An optional third step of the method 600, represented by item 603, comprises detecting that a trigger condition has been met and, in response to the detecting, transmitting a trigger signal to a dispersal system. In some embodiments, detecting that the trigger condition has been met comprises determining that a distance to the target vehicle has fallen below a pre-determined threshold. In some embodiments, detecting that the trigger condition has been met comprises determining that a pre-determined period of time has elapsed since launch.

An optional fourth step of the method 600, represented by item 605, comprises receiving, at the dispersal system, the trigger signal.

A fifth step of the method 600, represented by item 607, comprises, in response to the receipt of the trigger signal, the dispersal system releasing a plurality of pieces of magnetic material. In some embodiments, releasing the plurality of pieces comprises creating an airburst to disperse the plurality of pieces. In some embodiments, the dispersal system comprises a pyrotechnic charge and creating the airburst comprises detonating the pyrotechnic charge. In some embodiments, the dispersal system comprises a container of pressurised gas and creating the airburst comprises releasing the pressurised gas. In some embodiments the dispersal system comprises an ejection mechanism and creating the airburst comprises activating the ejection mechanism.

A sixth step of the method 600, represented by item 609, comprises some of the plurality of pieces being attracted to the magnet, sticking to the magnet, and thereby obstructing the motor. In some embodiments, being attracted to the magnet comprises being ingested into the electric motor through an air intake. In some embodiments, the electric motor further comprises a rotor, a stator, and an air gap between the rotor and the stator. In such embodiments, it may be that the plurality of pieces obstruct the motor by filling the air gap. In some embodiments, obstructing the motor comprises entirely blocking the motor. In alternative embodiments, obstructing the motor comprises hindering the rotation of motor.

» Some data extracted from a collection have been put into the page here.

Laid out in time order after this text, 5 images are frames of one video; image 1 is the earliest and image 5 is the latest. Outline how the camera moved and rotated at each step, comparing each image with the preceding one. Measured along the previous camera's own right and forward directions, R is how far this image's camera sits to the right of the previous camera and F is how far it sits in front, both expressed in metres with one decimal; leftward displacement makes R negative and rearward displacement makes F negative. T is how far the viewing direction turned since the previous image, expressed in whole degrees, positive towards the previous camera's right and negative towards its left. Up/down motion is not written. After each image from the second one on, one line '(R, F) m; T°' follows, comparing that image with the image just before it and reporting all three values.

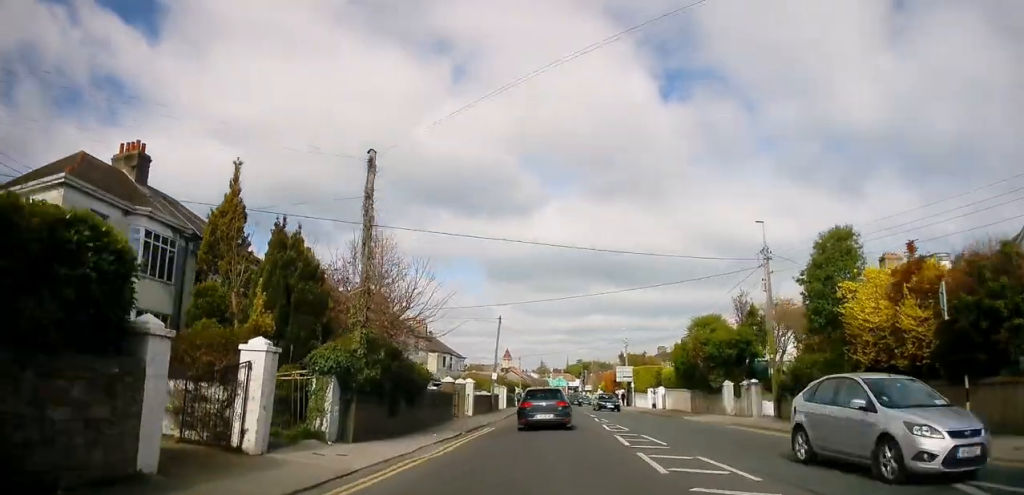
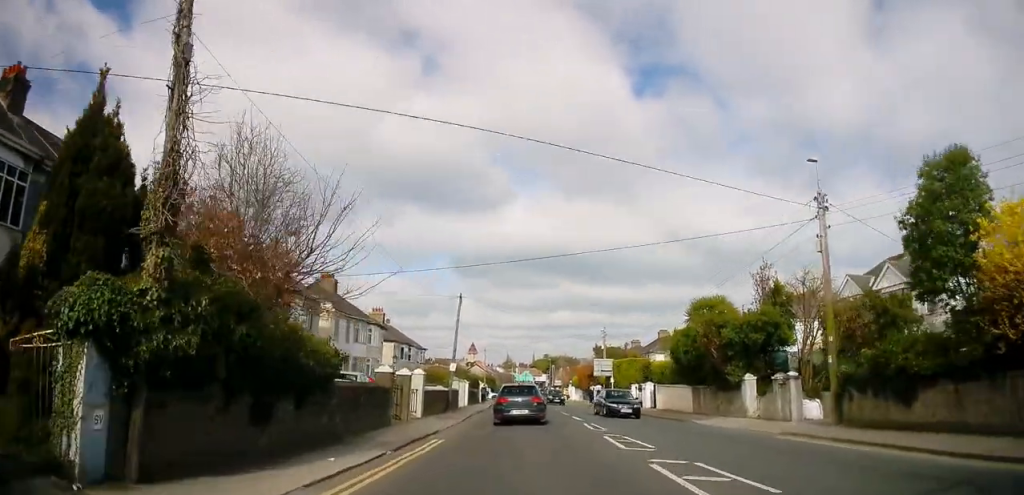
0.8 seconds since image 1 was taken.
(+0.5, +7.3) m; +6°
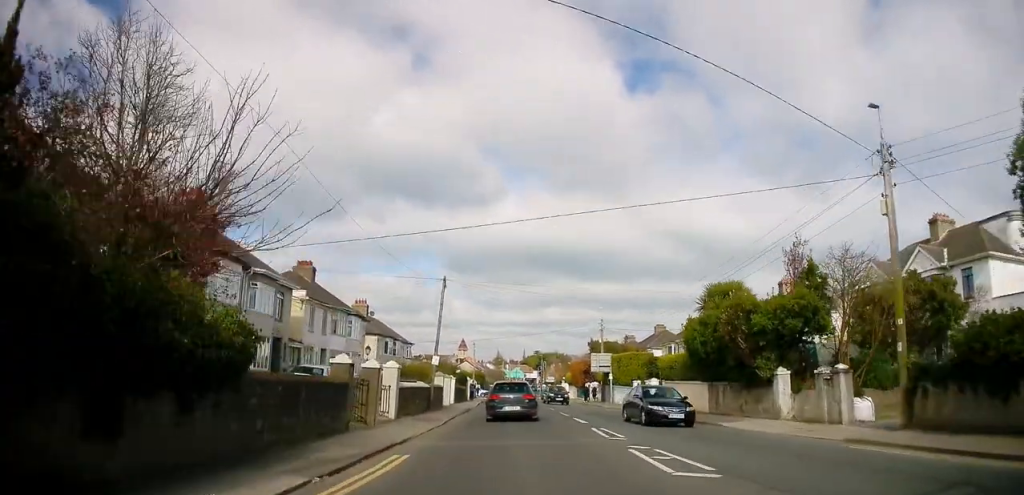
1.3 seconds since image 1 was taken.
(+0.1, +4.2) m; +2°
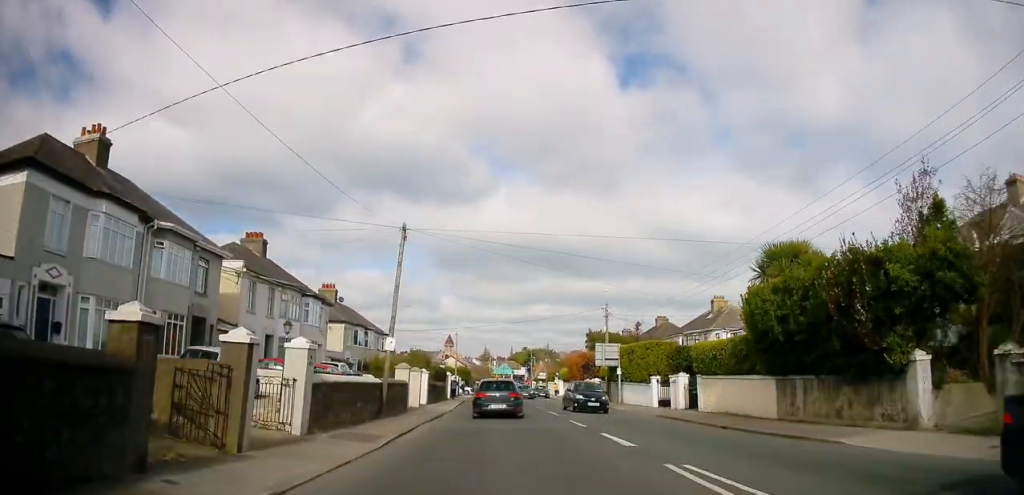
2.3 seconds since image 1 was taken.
(+0.2, +8.4) m; +1°
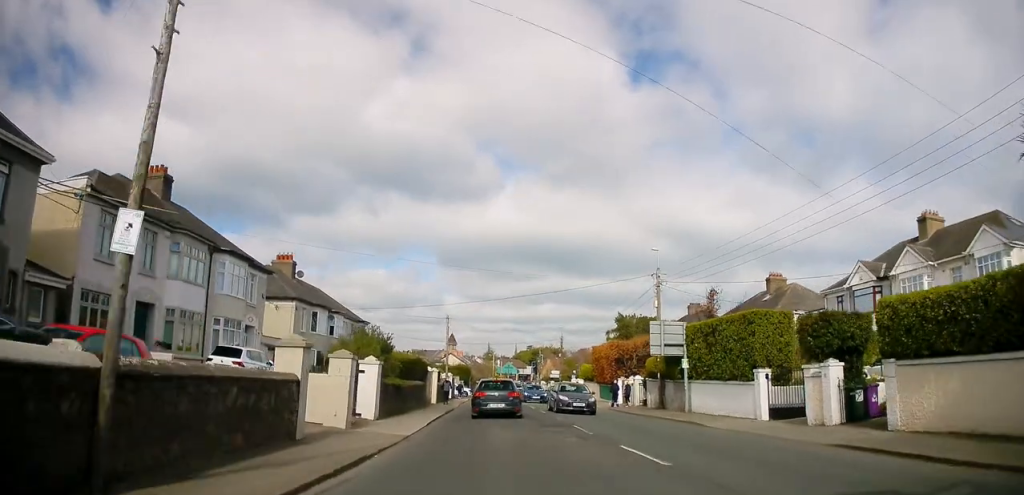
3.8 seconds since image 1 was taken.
(-0.1, +14.4) m; 0°

Whilst the present invention has been described and illustrated with reference to particular embodiments, it will be appreciated by those of ordinary skill in the art that the invention lends itself to many different variations not specifically illustrated herein. By way of example only, certain possible variations will now be described.

Although the present invention and the described embodiments are particularly useful in disrupting the operation of unmanned vehicles, and UAS especially, it will be appreciated that the invention is suitable for use against any vehicle having an open- vented electric motor, be it manned or unmanned. It will also be appreciated that the invention provides a general technique for disabling electric motors, and therefore may be usable against targets other than vehicles and/or for purposes other than disrupting the propulsion of a vehicle.

Where in the foregoing description, integers or elements are mentioned which have known, obvious or foreseeable equivalents, then such equivalents are herein incorporated as if individually set forth. Reference should be made to the claims for determining the true scope of the present invention, which should be construed so as to encompass any such equivalents. It will also be appreciated by the reader that integers or features of the invention that are described as preferable, advantageous, convenient or the like are optional and do not limit the scope of the independent claims. Moreover, it is to be understood that such optional integers or features, whilst of possible benefit in some embodiments of the invention, may not be desirable, and may therefore be absent, in other embodiments.